3. Berardi changed the game off the bench: Ciro Immobile had all of one touch inside 30 yards of goal in his 55-minute shift. His immobility — no pun intended, of course — hamstrung Italy and was the other half of the equation which afforded England a training session-like 45 minutes of defending to begin the game. Then came the introduction of Domenico Berardi as Mancini went without a recognized center forward and instead gave Insigne, Chiesa and Berardi the freedom to float and interchange as they saw fit. Suddenly, the England backline had to track and hand off runners from various areas and angles, and they struggled. The tide was well and truly turned, and the majority of the half was played in England’s half, eventually resulting in the equalizing goal.

Man of the match: Federico Chiesa – No goals or assists to speak of for Chiesa, but he was the singular source of danger for Italy in a tight affair where no one stood head and shoulders above the rest.


England – Italy recap

Fewer than 120 seconds went by before England broke through and put the onus on Italy to chase the game for 88 minutes. An Italian corner kick was cleared at one end, thus setting Trippier down the right flank and Shaw up the left. Trippier’s cross was picturesque, and Shaw didn’t try to do too much with the finish (WATCH HERE – VIDEO).

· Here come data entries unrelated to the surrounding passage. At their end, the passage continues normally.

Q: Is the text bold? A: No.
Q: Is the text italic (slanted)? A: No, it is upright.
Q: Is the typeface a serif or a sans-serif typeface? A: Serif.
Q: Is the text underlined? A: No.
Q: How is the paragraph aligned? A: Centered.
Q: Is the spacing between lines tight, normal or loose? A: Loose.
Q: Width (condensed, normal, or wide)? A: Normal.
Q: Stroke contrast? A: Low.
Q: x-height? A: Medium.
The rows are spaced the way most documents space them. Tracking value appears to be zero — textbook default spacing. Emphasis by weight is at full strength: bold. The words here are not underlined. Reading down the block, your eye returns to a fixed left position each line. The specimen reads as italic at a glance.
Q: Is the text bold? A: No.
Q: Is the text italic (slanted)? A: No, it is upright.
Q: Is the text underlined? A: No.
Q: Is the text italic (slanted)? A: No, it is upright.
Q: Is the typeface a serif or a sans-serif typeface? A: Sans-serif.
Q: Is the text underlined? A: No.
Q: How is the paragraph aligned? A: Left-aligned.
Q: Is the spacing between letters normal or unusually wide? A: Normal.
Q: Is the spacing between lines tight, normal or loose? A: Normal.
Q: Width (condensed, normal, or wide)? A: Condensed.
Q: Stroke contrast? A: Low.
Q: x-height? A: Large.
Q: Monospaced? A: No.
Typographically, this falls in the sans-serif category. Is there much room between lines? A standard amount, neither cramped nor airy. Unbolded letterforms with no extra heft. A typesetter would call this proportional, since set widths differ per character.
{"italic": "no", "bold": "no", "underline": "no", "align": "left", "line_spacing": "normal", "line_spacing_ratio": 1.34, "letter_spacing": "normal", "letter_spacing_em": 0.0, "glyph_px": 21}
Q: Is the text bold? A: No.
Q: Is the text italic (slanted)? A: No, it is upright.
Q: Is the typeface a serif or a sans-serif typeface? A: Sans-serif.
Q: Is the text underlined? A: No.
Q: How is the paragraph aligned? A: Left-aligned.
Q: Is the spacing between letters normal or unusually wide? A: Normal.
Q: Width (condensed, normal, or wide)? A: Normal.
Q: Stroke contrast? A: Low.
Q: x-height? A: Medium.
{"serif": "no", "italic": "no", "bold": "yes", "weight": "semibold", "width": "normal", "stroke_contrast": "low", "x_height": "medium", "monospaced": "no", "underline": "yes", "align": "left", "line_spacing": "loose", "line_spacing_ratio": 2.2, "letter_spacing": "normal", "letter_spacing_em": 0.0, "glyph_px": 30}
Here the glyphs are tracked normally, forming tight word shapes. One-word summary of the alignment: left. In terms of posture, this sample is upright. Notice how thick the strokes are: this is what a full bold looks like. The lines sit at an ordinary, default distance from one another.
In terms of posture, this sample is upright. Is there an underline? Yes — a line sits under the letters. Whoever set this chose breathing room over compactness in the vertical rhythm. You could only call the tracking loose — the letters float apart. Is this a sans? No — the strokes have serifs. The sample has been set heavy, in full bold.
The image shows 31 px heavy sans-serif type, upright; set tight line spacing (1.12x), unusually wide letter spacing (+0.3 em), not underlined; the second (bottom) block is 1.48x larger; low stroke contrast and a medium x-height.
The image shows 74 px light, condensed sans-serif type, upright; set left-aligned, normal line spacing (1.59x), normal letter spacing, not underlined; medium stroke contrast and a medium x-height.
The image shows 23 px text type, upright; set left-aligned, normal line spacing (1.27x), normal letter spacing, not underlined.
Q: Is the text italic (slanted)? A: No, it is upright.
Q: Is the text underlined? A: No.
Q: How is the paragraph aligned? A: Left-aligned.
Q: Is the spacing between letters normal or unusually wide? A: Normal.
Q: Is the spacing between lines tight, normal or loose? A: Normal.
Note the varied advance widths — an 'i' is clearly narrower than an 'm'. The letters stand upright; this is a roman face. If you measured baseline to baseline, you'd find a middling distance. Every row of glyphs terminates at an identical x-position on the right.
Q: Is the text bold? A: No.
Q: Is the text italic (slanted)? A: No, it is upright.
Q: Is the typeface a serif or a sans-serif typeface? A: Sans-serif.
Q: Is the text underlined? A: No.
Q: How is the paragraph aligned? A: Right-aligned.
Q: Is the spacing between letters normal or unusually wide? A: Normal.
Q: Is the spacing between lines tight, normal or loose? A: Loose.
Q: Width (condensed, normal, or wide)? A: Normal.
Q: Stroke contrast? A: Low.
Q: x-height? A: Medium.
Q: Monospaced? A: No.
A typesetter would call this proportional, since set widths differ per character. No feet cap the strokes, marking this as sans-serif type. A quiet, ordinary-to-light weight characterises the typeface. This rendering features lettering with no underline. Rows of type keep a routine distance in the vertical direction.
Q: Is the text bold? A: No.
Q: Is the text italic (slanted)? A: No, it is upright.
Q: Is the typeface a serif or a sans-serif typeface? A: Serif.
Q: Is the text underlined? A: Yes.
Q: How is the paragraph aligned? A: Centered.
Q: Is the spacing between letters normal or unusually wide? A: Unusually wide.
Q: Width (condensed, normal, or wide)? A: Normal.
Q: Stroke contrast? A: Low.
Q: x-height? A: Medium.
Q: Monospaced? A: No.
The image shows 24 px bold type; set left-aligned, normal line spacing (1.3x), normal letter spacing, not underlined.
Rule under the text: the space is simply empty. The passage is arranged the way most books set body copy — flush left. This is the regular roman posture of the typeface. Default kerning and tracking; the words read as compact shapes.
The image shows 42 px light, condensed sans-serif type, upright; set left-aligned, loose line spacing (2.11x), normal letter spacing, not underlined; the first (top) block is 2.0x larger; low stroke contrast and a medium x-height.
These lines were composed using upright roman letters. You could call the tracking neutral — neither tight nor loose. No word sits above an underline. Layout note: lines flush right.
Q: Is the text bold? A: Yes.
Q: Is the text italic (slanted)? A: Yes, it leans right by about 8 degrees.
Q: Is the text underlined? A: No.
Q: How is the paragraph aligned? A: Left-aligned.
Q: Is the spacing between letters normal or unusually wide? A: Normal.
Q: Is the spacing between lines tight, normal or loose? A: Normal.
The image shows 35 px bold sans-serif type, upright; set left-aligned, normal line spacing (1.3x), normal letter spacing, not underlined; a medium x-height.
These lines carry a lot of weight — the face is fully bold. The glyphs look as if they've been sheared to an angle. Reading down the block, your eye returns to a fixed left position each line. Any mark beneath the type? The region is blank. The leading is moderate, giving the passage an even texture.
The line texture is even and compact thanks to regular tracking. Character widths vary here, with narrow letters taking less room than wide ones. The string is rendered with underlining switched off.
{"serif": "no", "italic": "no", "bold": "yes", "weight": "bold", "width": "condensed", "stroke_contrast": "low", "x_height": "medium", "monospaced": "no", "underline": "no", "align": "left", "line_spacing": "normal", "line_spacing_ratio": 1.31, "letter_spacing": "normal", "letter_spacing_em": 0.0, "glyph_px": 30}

Italy’s first moment of danger didn’t come until the 35th minute, but it nearly drew the Azzurri level as Federico Chiesa struck a low laser a foot wide of the post. Chiesa got on the ball at midfield and surged straight ahead before firing from outside the box, and Jordan Pickford rooted in place without a hope in the world of making the save, if only it was on target.

Italy began the second half much better than they did the first, with Insigne getting on the ball in central positions and winning a free kick 22 yards out in the 50th minute. The diminutive Napoli winger curled a free kick a foot wide of Pickford’s left-hand post in a massive let-off for England.

Insigne forced Pickford to make a very difficult reaction save from close range in the 57th minute, as he weaved his way past a pair of defenders to the end line. It was a tight angle that made it difficult to put the ball past Pickford, but would have gone off the goalkeeper and into the net with even the slightest wrong touch.

The Italian pressure intensified in the 62nd minute, yet Pickford stood tall — or laid out flat, as it were — to make another fantastic save to deny Chiesa, who had cut in from the left and curled a low shot toward the far post. With the ball coming through a sea of legs, Pickford didn’t see it off Chiesa’s foot but reacted brilliantly nonetheless.

Finally, with 67 minutes on the clock, Pickford was beaten. It was anything but pretty and well-worked as the ball pinged around the six-yard box from a corner kick, and Pickford didn’t cover himself in glory as he pushed a tame shot onto the post rather than away from danger, putting it on a silver platter for Bonucci to sweep home.

The first half-chance of extra-time didn’t come until the 107th minute, when Federico Bernardeschi rifled a 30-yard free kick right at Pickford. The shot’s half-chance status was only earned when Pickford initially spilled the ball a few yards away before jumping on it as the blue shirts closed in.

Marcus Rashford, Jadon Sancho and Bukayo Saka — three of England’s brightest stars of the future — were the ones who couldn’t beat Donnarumma, with Saka having the decisive spot kick saved after Pickford gave England a second life with a stop against penalty extraordinaire Jorginho in in the fifth round.